A SIM card (full form Subscriber Identity Module or Subscriber Identification Module) is an integrated circuit (IC) intended to securely store the international mobile subscriber identity (IMSI) number and its related key, which are used to identify and authenticate subscribers on mobile telephony devices (such as mobile phones and computers). Technically the actual physical card is known as a universal integrated circuit card (UICC); this smart card is usually made of PVC with embedded contacts and semiconductors, with the SIM as its primary component. In practise the term "SIM card" refers to the entire unit and not simply the IC.
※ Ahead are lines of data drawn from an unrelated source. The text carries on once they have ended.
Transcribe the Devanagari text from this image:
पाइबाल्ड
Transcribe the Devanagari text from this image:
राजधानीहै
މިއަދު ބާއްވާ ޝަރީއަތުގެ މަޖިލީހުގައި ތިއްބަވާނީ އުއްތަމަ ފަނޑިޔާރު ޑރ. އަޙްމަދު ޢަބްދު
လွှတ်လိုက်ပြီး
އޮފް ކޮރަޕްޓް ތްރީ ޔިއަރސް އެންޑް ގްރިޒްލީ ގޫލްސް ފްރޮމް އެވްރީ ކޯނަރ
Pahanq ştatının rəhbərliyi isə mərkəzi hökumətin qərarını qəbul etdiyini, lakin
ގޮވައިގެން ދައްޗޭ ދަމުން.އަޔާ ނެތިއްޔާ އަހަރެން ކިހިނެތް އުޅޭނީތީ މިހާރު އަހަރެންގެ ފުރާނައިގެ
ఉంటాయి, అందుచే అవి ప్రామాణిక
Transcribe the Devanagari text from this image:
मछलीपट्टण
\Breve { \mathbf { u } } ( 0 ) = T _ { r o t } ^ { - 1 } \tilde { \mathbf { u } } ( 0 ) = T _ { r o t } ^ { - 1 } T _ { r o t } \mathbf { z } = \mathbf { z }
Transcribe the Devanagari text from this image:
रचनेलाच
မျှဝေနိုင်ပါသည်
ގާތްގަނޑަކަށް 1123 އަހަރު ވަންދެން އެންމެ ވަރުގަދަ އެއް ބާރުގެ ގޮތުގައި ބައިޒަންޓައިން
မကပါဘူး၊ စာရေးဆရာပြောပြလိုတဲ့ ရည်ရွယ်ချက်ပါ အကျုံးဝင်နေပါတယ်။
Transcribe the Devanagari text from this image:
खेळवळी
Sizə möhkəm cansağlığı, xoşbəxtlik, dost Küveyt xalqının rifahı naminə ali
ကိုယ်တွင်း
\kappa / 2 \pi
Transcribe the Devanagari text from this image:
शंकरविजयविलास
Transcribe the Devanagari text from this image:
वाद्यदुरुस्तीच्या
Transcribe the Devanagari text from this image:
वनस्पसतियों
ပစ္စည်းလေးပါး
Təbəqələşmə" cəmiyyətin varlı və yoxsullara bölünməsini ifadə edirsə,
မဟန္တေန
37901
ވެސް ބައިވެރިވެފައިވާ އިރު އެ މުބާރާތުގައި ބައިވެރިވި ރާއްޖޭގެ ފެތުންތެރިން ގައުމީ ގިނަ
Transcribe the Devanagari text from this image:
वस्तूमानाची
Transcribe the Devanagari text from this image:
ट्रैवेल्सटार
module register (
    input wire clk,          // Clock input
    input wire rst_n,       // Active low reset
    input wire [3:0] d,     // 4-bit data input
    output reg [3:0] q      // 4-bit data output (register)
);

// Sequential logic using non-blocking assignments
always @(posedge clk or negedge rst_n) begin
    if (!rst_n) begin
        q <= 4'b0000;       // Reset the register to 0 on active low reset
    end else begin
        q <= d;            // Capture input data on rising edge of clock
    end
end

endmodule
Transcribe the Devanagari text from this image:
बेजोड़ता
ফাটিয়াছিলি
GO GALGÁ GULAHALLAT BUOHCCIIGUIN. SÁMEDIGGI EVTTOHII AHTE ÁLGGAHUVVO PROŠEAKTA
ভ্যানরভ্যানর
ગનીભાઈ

A SIM contains a unique serial number (ICCID), international mobile subscriber identity (IMSI) number, security authentication and ciphering information, temporary information related to the local network, a list of the services the user has access to, and two passwords: a personal identification number (PIN) for ordinary use, and a personal unblocking key (PUK) for PIN unlocking. In Europe, the serial SIM number (SSN) is also sometimes accompanied by an international article number (IAN) or a European article number (EAN) required when registering online for the subscription of a prepaid card. It is also possible to store contact information on many SIM cards.
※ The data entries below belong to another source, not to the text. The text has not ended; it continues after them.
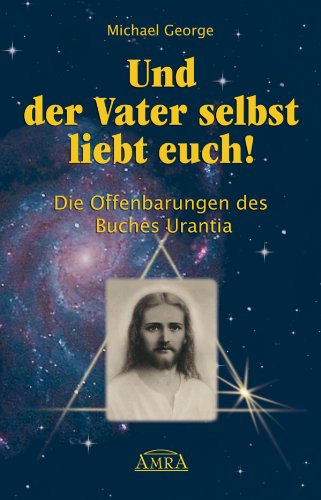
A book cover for Und der Vater selbst liebt euch!: Die Offenbarungen des Buches Urantia (German Edition); Michael George; Religion & Spirituality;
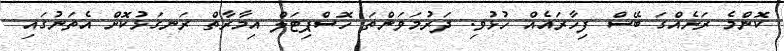
ކޮންމެ ރަށެއްގަ ބޭސް ފިހާރައެއް ހުޅުވި. ދަރުމަވަންތަ ހޮސްޕިޓަލް އިމާރާތް ރަނގަޅުކޮށް އެތަނުގައި
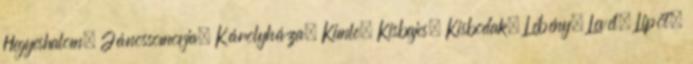
Hegyeshalom, Jánossomorja, Károlyháza, Kimle, Kisbajcs, Kisbodak, Lébény, Levél, Lipót,
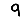
Digit: 9
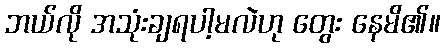
ဘယ်လို အသုံးချရပါ့မလဲဟု တွေး နေမိ၏။
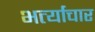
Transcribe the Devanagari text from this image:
भर्त्याचार
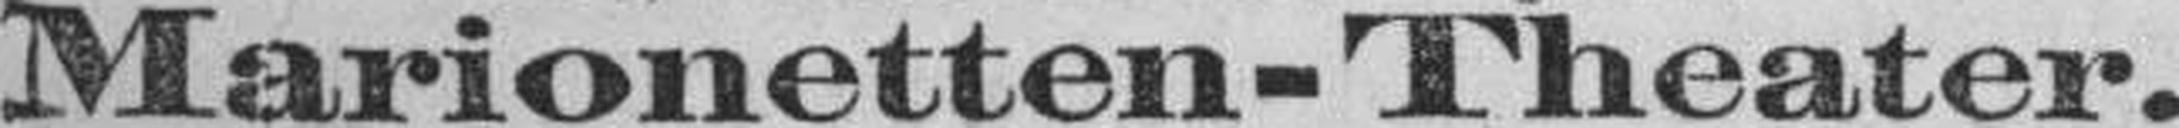
Marionetten-Theater.
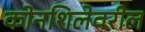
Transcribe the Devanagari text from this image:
कोनशिलेवरील
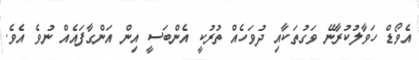
އެވޯޑް ހަވާލުކުރާނޭ ވަގުތަކާއި ދުވަހެއް ތުރުކީ އެންބަސީ އިން އަންގާފައެއް ނުވެ އެވެ.
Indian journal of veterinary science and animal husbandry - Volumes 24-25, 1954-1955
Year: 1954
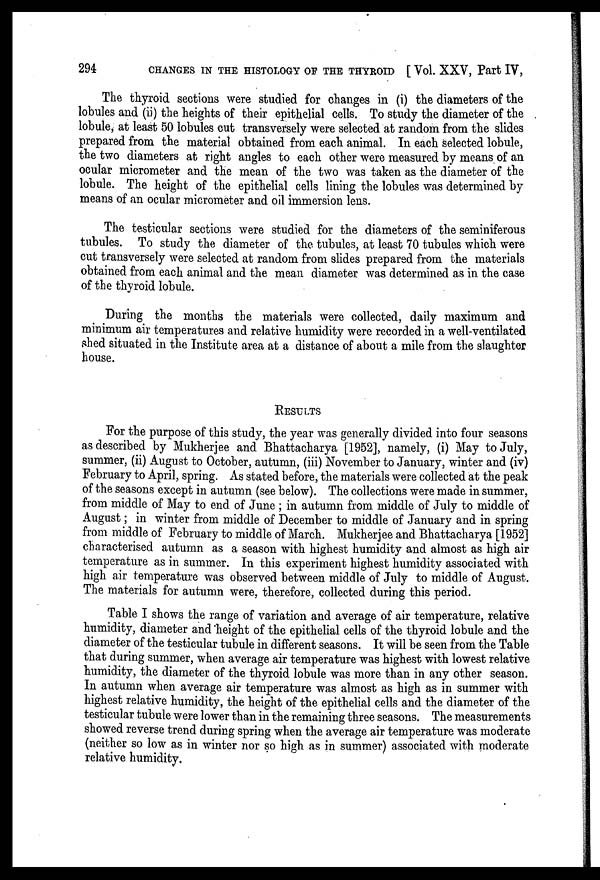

SIMs are always used on GSM phones; for CDMA phones, they are needed only for LTE-capable handsets. SIM cards can also be used in satellite phones, smart watches, computers, or cameras.The first SIM cards were the size of credit and bank cards; sizes were reduced several times over the years, usually keeping electrical contacts the same, so that a larger card could be cut down to a smaller size.
SIMs are transferable between different mobile devices by removing the card itself. eSIM is replacing physical SIM cards in some domains, including cellular telephony. eSIM uses a software-based SIM embedded into an unremovable eUICC.